Oxygen is the third most abundant element in the universe by mass and is essential to life on Earth.

Chemical Properties

At normal atmospheric pressure oxygen melts at 54.36 Kelvin (K) and boils at 90.2 K; on Earth it essentially exists only as a gas. It readily dissolves in water, which makes aquatic life possible. Under normal conditions oxygen forms molecules consisting of two oxygen atoms each sharing two electrons in the 2p subshell; this form of oxygen is known as O2. O2 is a colorless, odourless gas. In liquid form (below -193 degrees Celsius) it is pale blue.

Isotopes

There are three stable and 14 radioactive isotopes of oxygen. The stable isotopes are 16O, 17O and 18O, with 16O being by far the most common. Radioisotopes range from 10O to 26O, with the two most stable being 15O and 14O. This gives oxygen an atomic weight of slightly below 16.[1]

Compounds

Oxygen is highly reactive. It reacts readily with most metals and many other elements, either through combustion or oxidation. As a result, many naturally occurring compounds contain oxygen.

Occurrence in Nature

Oxygen is the third most abundant element in the universe by mass after hydrogen and helium; approximately 5.9% of the mass of our solar system consists of oxygen.
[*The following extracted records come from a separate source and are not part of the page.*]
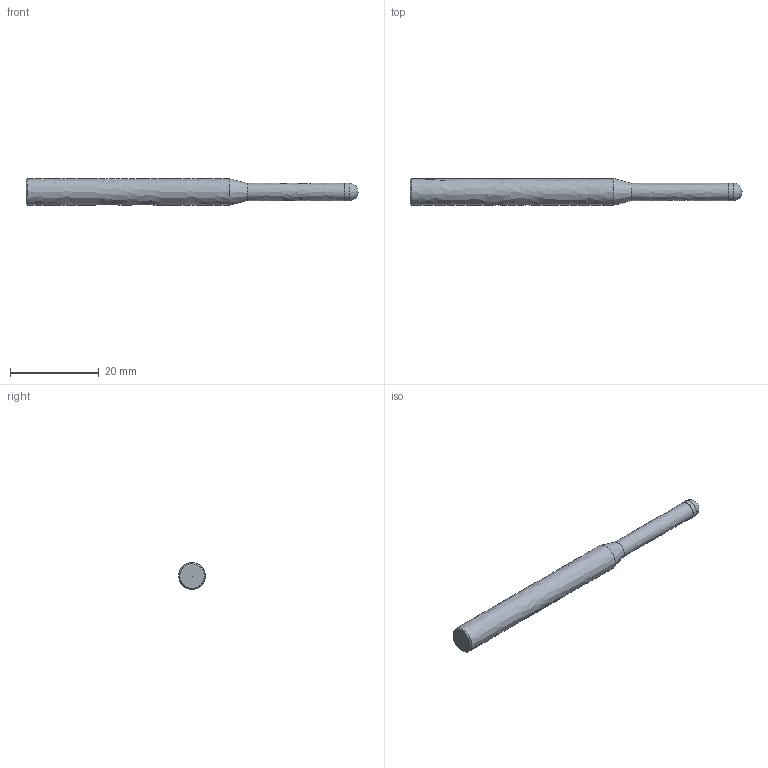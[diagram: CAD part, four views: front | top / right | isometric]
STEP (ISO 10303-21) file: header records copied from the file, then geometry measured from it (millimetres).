
FILE_DESCRIPTION ((), '1');
FILE_NAME ('156 0400N25A.STP', '2021-01-08T12:45:17', ('Unknown'), ('mafordeurope'), 'OneCNC-XR7 Mill 3D Expert', 'OneCNC-XR7 Mill 3D Expert', '');
FILE_SCHEMA (('CONFIG_CONTROL_DESIGN'));
Length unit declared in the file: millimetre
Bounding box: 75 x 6 x 6 mm (x, y, z)
Volume: 1670.9 mm3; surface area: 1265 mm2
Topology: 1 solids, 1 shells, 8 faces, 17 edges, 9 vertices
Faces by surface type: bspline 8
Entity records: 477 total; most frequent: CARTESIAN_POINT 296, ORIENTED_EDGE 30, EDGE_CURVE 15, VERTEX_POINT 9, B_SPLINE_CURVE_WITH_KNOTS 8, EDGE_LOOP 8, FACE_OUTER_BOUND 8, ADVANCED_FACE 8
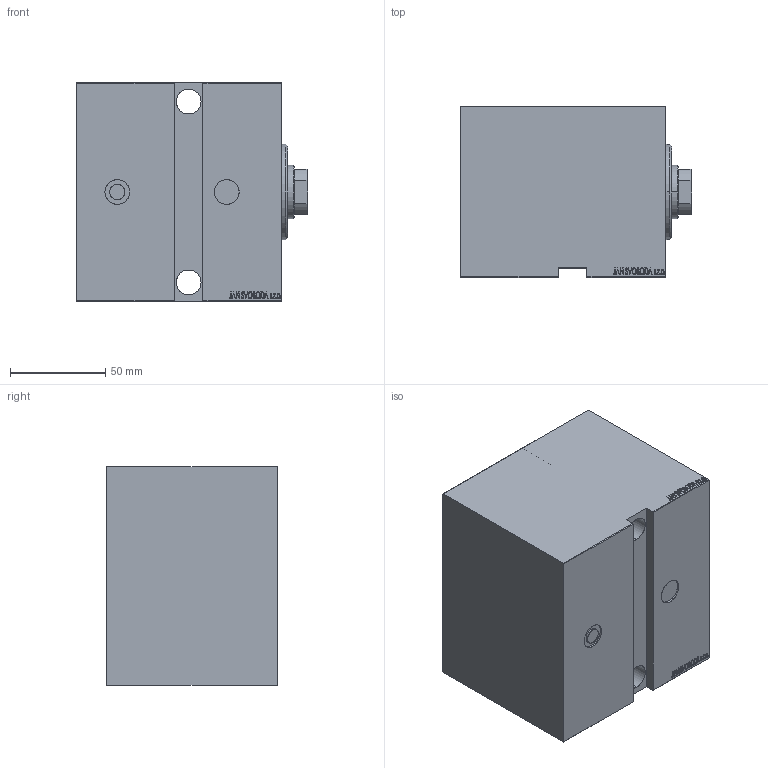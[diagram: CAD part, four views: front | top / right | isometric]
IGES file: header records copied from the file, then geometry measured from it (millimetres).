
Start section: SolidWorks IGES file using analytic representation for surfaces
Global section: file name: 6563.IGS; native system: SolidWorks 2019; preprocessor: SolidWorks 2019; author: Model3D; date: 240422.150640; units: millimetre
Bounding box: 121.5 x 90 x 115 mm (x, y, z)
Surface area: 128045.4 mm2 (no closed solid volume)
Topology: 0 solids, 0 shells, 839 faces, 11548 edges, 11546 vertices
Faces by surface type: bspline 787, revolution 52
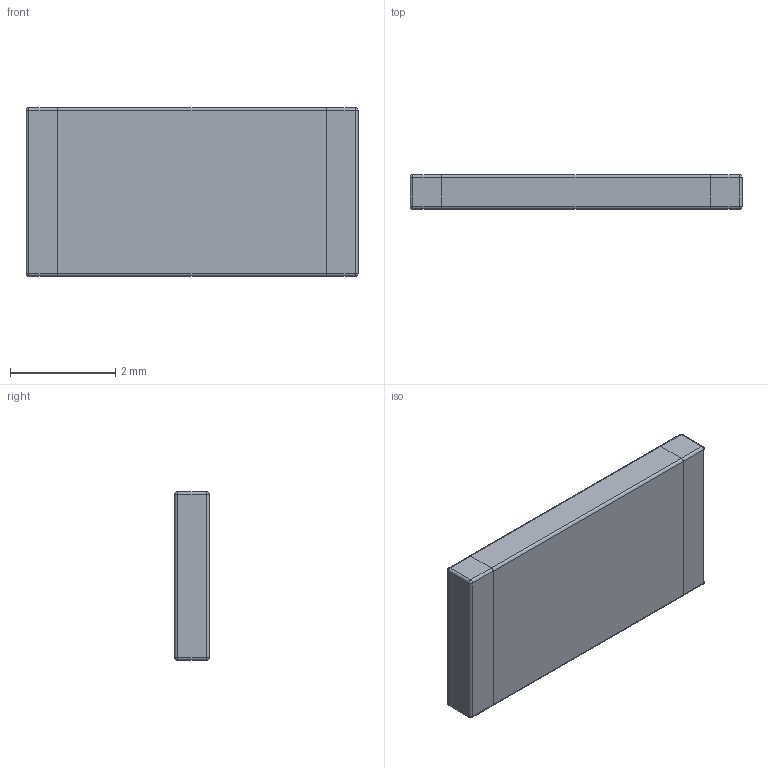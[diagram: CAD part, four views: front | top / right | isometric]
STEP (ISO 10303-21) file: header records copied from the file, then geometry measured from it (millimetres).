
FILE_DESCRIPTION (( 'STEP AP214' ), '1' );
FILE_NAME ('RESC6332X65N EIA 2512.step', '2011-02-17T12:57:42', ( 'Andre' ), ( 'Microsoft' ), 'SwSTEP 2.0', 'SolidWorks 2009', '' );
FILE_SCHEMA (( 'AUTOMOTIVE_DESIGN' ));
Length unit declared in the file: millimetre
Products named in the file (1): RESC6332X65N EIA 2512
Bounding box: 6.3 x 0.65 x 3.2 mm (x, y, z)
Volume: 13.1 mm3; surface area: 51.8 mm2
Topology: 1 solids, 1 shells, 42 faces, 88 edges, 40 vertices
Faces by surface type: cylinder 20, plane 14, sphere 8
Entity records: 1501 total; most frequent: DIRECTION 198, CARTESIAN_POINT 163, ORIENTED_EDGE 160, EDGE_CURVE 80, AXIS2_PLACEMENT_3D 75, LINE 48, VECTOR 48, UNCERTAINTY_MEASURE_WITH_UNIT 44
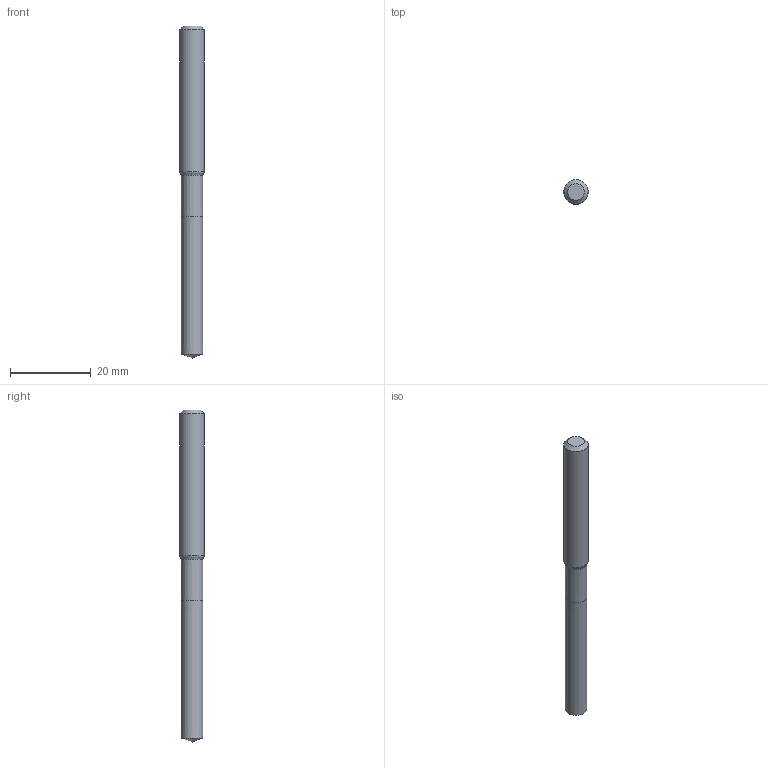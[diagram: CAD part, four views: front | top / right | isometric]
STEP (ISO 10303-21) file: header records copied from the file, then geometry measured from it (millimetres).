
FILE_DESCRIPTION(/* description */ (''),/* implementation_level */ '2;1');
FILE_NAME(/* name */ 'TOOL.STP',/* time_stamp */ '2023-06-19T11:02:09+02:00',/* author */ (''),/* organization */ ('SMS'),/* preprocessor_version */ 'ST-DEVELOPER v16.7',/* originating_system */ 'SIEMENS PLM Software NX 12.0',/* authorisation */ '');
FILE_SCHEMA (('AUTOMOTIVE_DESIGN { 1 0 10303 214 3 1 1 1 }'));
Length unit declared in the file: millimetre
Products named in the file (1): Tool
Bounding box: 6 x 6 x 82 mm (x, y, z)
Volume: 2041.1 mm3; surface area: 1526.9 mm2
Topology: 2 solids, 2 shells, 11 faces, 21 edges, 16 vertices
Faces by surface type: cone 5, plane 3, torus 2, cylinder 1
Full cylindrical faces by diameter (mm): 6 x1
Entity records: 304 total; most frequent: CARTESIAN_POINT 50, DIRECTION 48, AXIS2_PLACEMENT_3D 24, EDGE_LOOP 18, ORIENTED_EDGE 18, FACE_BOUND 16, ADVANCED_FACE 11, VERTEX_POINT 10
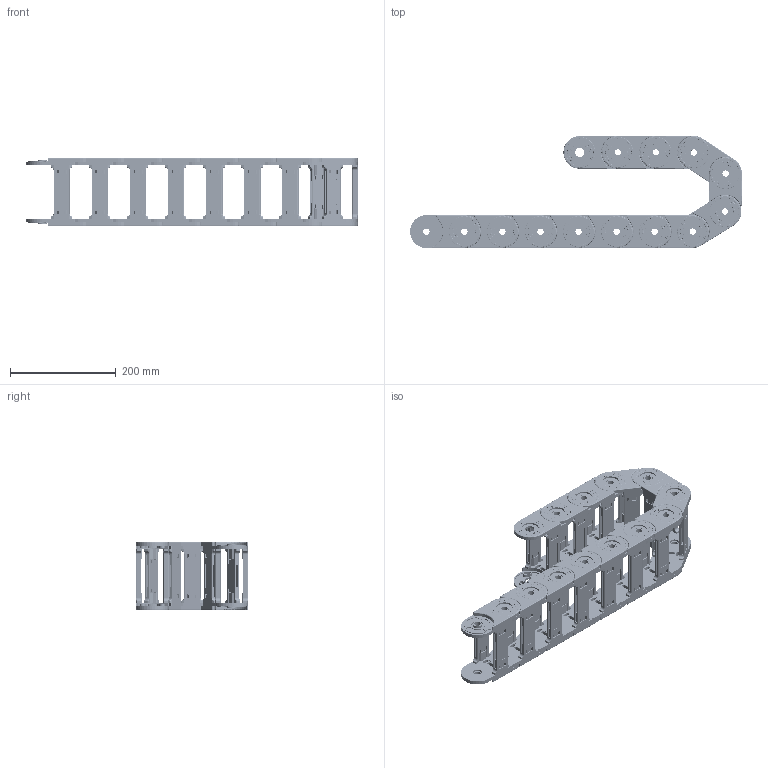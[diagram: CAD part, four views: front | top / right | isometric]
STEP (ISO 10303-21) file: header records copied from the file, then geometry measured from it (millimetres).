
FILE_DESCRIPTION (( 'STEP AP214' ), '1' );
FILE_NAME ('CK40-A100-R075.STEP', '2019-09-06T14:19:30', ( '' ), ( '' ), 'SwSTEP 2.0', 'SolidWorks 2017', '' );
FILE_SCHEMA (( 'AUTOMOTIVE_DESIGN' ));
Length unit declared in the file: millimetre
Products named in the file (2): CK40-A100; CK40-A100-R075
Assembly tree (13 placements, depth 2):
  CK40-A100-R075
    CK40-A100  x13
Bounding box: 628.34 x 212 x 128.9 mm (x, y, z)
Volume: 1920830.4 mm3; surface area: 1091892.1 mm2
Topology: 52 solids, 130 shells, 12636 faces, 32422 edges, 20956 vertices
Faces by surface type: plane 5356, cylinder 4368, bspline 1352, torus 1300, sphere 260
Entity records: 35273 total; most frequent: CARTESIAN_POINT 11398, ORIENTED_EDGE 4968, DIRECTION 4964, EDGE_CURVE 2484, AXIS2_PLACEMENT_3D 1806, VERTEX_POINT 1612, VECTOR 1352, LINE 1352
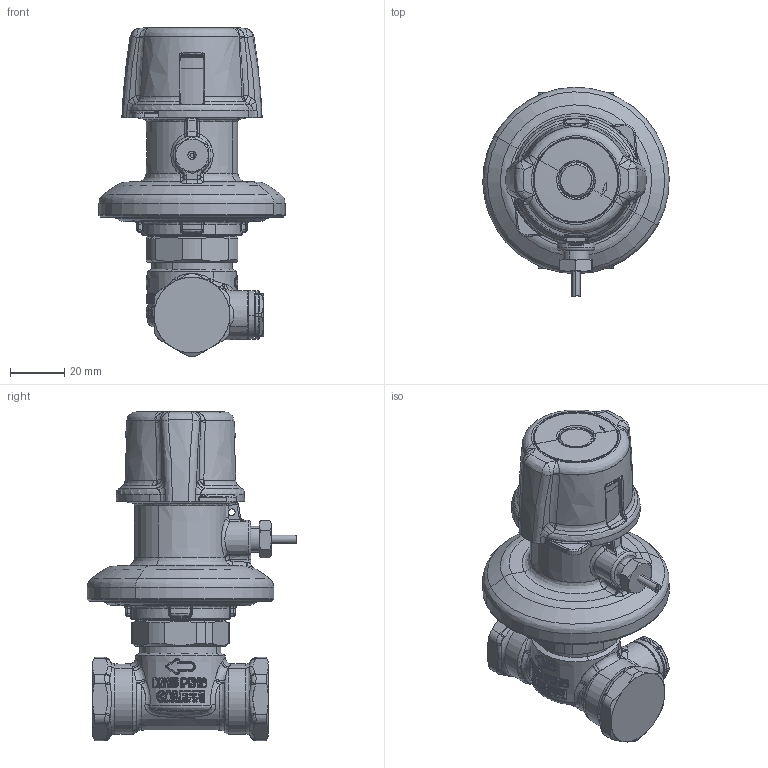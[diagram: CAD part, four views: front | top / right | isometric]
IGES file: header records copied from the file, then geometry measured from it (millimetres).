
Start section: START RECORD GO HERE.
Global section: file name: IGES_140440_-_TST.igs; native system: DASSAULT SYSTEMES CATIA Version 5-6 Release 2014 - www.3ds.com; preprocessor: V5-6R2014_5.24.5.0.02-24-2015.20.00; author: advantage; organization: CALEFFI; date: 20170914.080955; units: millimetre
Bounding box: 68.98 x 77.54 x 121.87 mm (x, y, z)
Surface area: 56595.4 mm2 (no closed solid volume)
Topology: 0 solids, 0 shells, 1823 faces, 8516 edges, 8358 vertices
Faces by surface type: bspline 891, revolution 665, plane 267
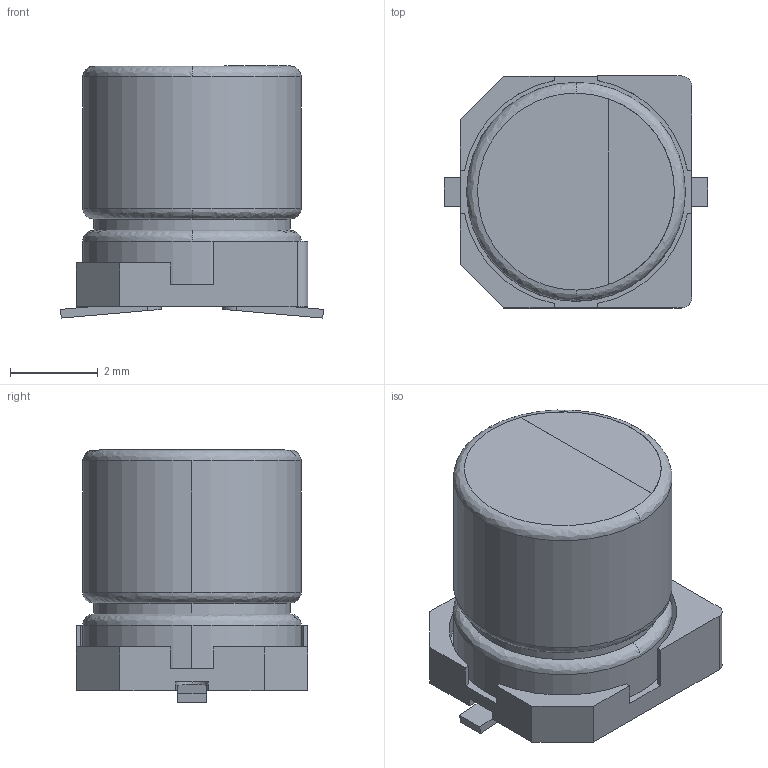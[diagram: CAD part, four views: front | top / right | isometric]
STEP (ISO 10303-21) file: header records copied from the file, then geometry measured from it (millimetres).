
FILE_DESCRIPTION (( 'STEP AP214' ), '1' );
FILE_NAME ('User Library-CAPAE530X550D600L230X65.STEP', '2018-08-29T05:05:49', ( '' ), ( '' ), 'SwSTEP 2.0', 'SolidWorks 2018', '' );
FILE_SCHEMA (( 'AUTOMOTIVE_DESIGN' ));
Length unit declared in the file: millimetre
Products named in the file (6): User Library-CAPAE530X550D600L230X65_Polarity; User Library-CAPAE530X550D600L230X65_Pin2; User Library-CAPAE530X550D600L230X65; User Library-CAPAE530X550D600L230X65_Can; User Library-CAPAE530X550D600L230X65_Pin2_2; User Library-CAPAE530X550D600L230X65_Base
Assembly tree (5 placements, depth 2):
  User Library-CAPAE530X550D600L230X65
    User Library-CAPAE530X550D600L230X65_Pin2
    User Library-CAPAE530X550D600L230X65_Base
    User Library-CAPAE530X550D600L230X65_Polarity
    User Library-CAPAE530X550D600L230X65_Can
    User Library-CAPAE530X550D600L230X65_Pin2_2
Bounding box: 6.01 x 5.3 x 5.76 mm (x, y, z)
Volume: 114.6 mm3; surface area: 224.5 mm2
Topology: 5 solids, 5 shells, 67 faces, 171 edges, 114 vertices
Faces by surface type: plane 41, cylinder 20, bspline 6
Entity records: 3086 total; most frequent: CARTESIAN_POINT 456, DIRECTION 363, ORIENTED_EDGE 342, EDGE_CURVE 171, AXIS2_PLACEMENT_3D 125, VERTEX_POINT 114, VECTOR 113, LINE 113
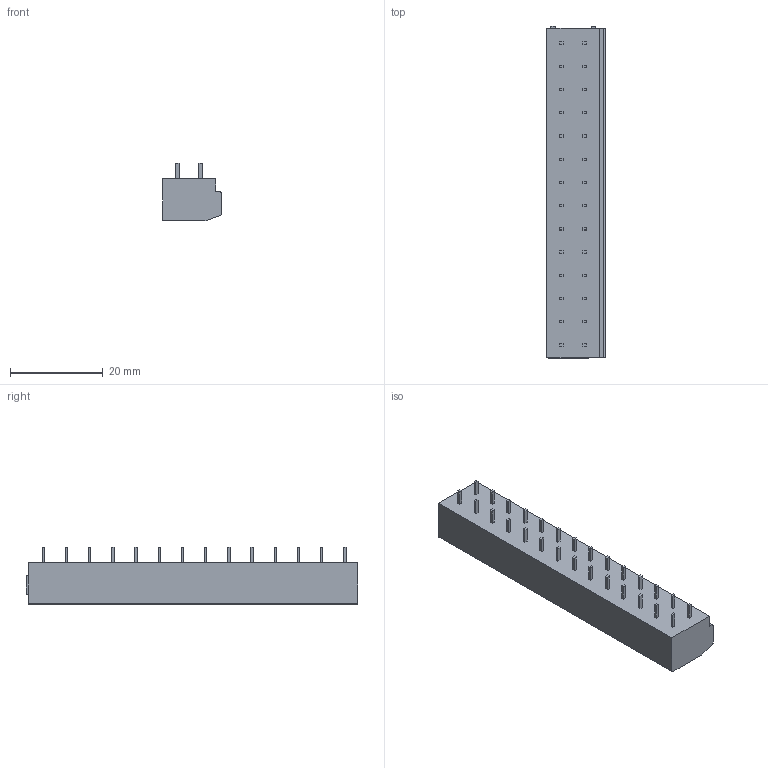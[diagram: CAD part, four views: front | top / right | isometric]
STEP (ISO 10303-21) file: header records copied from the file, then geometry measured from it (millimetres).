
FILE_DESCRIPTION((''),'2;1');
FILE_NAME('TLM-202R','2024-09-30T14:55:56',('tluser'),(''),'CREO PARAMETRIC BY PTC INC, 2018100','CREO PARAMETRIC BY PTC INC, 2018100','');
FILE_SCHEMA(('CONFIG_CONTROL_DESIGN'));
Length unit declared in the file: millimetre
Products named in the file (1): TLM-202R
Bounding box: 12.6 x 71.5 x 12.4 mm (x, y, z)
Volume: 7210.5 mm3; surface area: 4124.1 mm2
Topology: 1 solids, 1 shells, 470 faces, 1118 edges, 708 vertices
Faces by surface type: plane 411, cylinder 31, cone 28
Entity records: 13506 total; most frequent: CARTESIAN_POINT 2716, ORIENTED_EDGE 2236, DIRECTION 2064, EDGE_CURVE 1118, VECTOR 944, LINE 944, VERTEX_POINT 708, AXIS2_PLACEMENT_3D 560
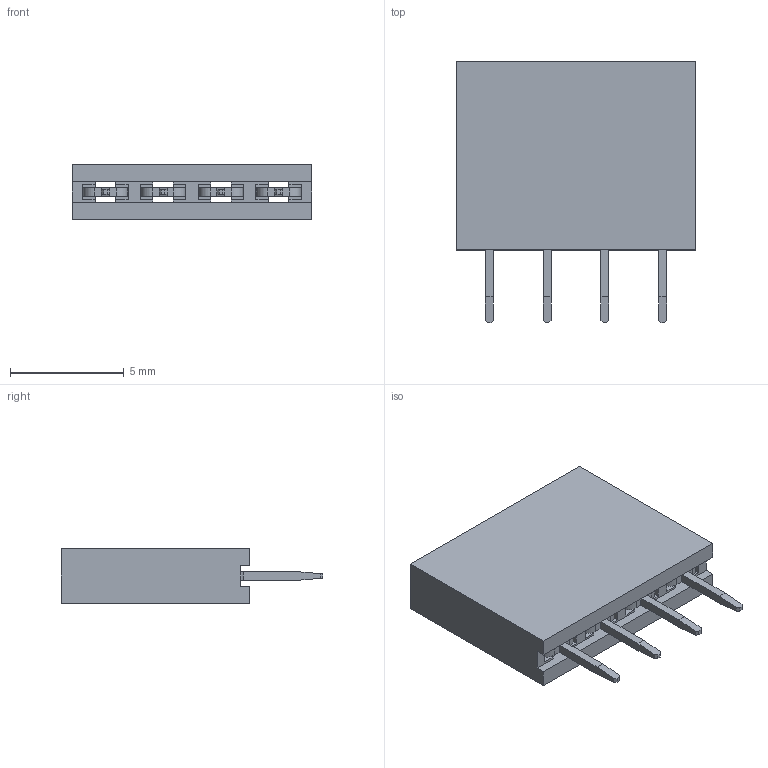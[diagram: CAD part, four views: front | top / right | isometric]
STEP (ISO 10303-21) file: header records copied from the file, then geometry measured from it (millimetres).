
FILE_DESCRIPTION (( 'STEP AP203' ), '1' );
FILE_NAME ('2_54_x_4P_Female.STEP', '2022-05-02T12:34:44', ( '' ), ( '' ), 'SwSTEP 2.0', 'SolidWorks 2017', '' );
FILE_SCHEMA (( 'CONFIG_CONTROL_DESIGN' ));
Length unit declared in the file: millimetre
Products named in the file (3): Pitch_x_8_1; 2_54_x_4P_Female; Plastic_x_8_1
Assembly tree (2 placements, depth 2):
  2_54_x_4P_Female
    Pitch_x_8_1
    Plastic_x_8_1
Bounding box: 10.52 x 11.5 x 2.4 mm (x, y, z)
Volume: 165 mm3; surface area: 539.9 mm2
Topology: 5 solids, 5 shells, 174 faces, 488 edges, 320 vertices
Faces by surface type: plane 142, cylinder 32
Entity records: 5843 total; most frequent: CARTESIAN_POINT 987, ORIENTED_EDGE 976, DIRECTION 910, EDGE_CURVE 488, LINE 424, VECTOR 424, VERTEX_POINT 320, AXIS2_PLACEMENT_3D 243
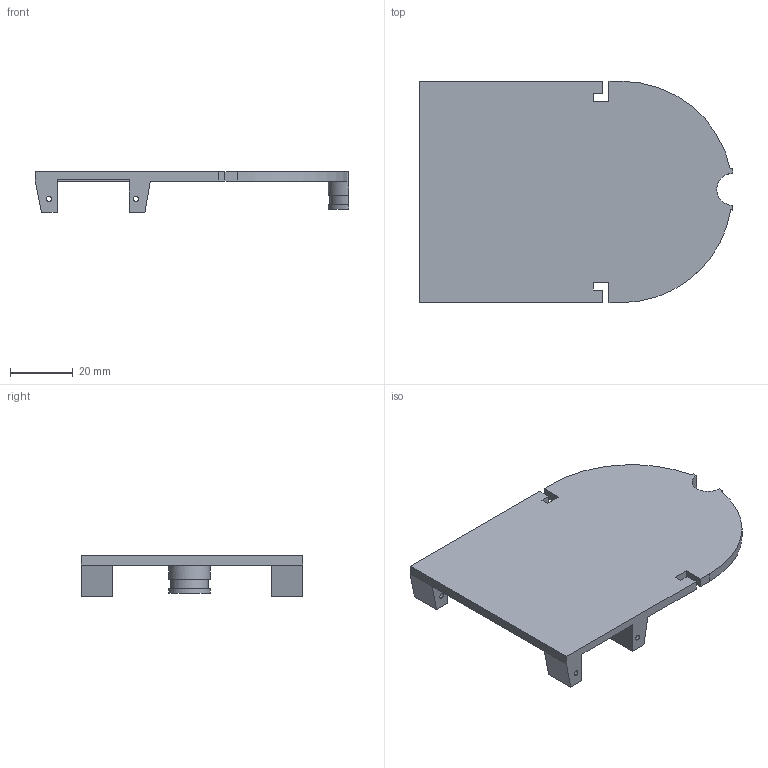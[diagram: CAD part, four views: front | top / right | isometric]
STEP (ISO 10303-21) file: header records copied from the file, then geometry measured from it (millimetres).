
FILE_DESCRIPTION (( 'STEP AP214' ), '1' );
FILE_NAME ('chassis_servo_9g_Seb.STEP', '2018-06-06T15:11:45', ( '' ), ( '' ), 'SwSTEP 2.0', 'SolidWorks 2016', '' );
FILE_SCHEMA (( 'AUTOMOTIVE_DESIGN' ));
Length unit declared in the file: millimetre
Products named in the file (1): chassis_servo_9g_Seb
Bounding box: 100.1 x 70.64 x 13 mm (x, y, z)
Volume: 21547.4 mm3; surface area: 15771.2 mm2
Topology: 1 solids, 1 shells, 56 faces, 160 edges, 106 vertices
Faces by surface type: plane 42, cylinder 13, bspline 1
Entity records: 1954 total; most frequent: CARTESIAN_POINT 396, ORIENTED_EDGE 320, DIRECTION 298, EDGE_CURVE 160, VECTOR 130, LINE 130, VERTEX_POINT 106, AXIS2_PLACEMENT_3D 84

However, due to the large disparity in atomic weight between all isotopes of oxygen compared with 1H and 4He, less than 0.5% of the atoms in the solar system are oxygen atoms.[Citation Needed]

Due to its reactivity free oxygen is extremely rare in nature and would not exist on Earth without the process of photosynthesis. Geologists and paleontologists believe that free oxygen first appeared during the "Great Oxygenation Event" around 2.4 billion years ago. Young-Earth creationists reject this timescale.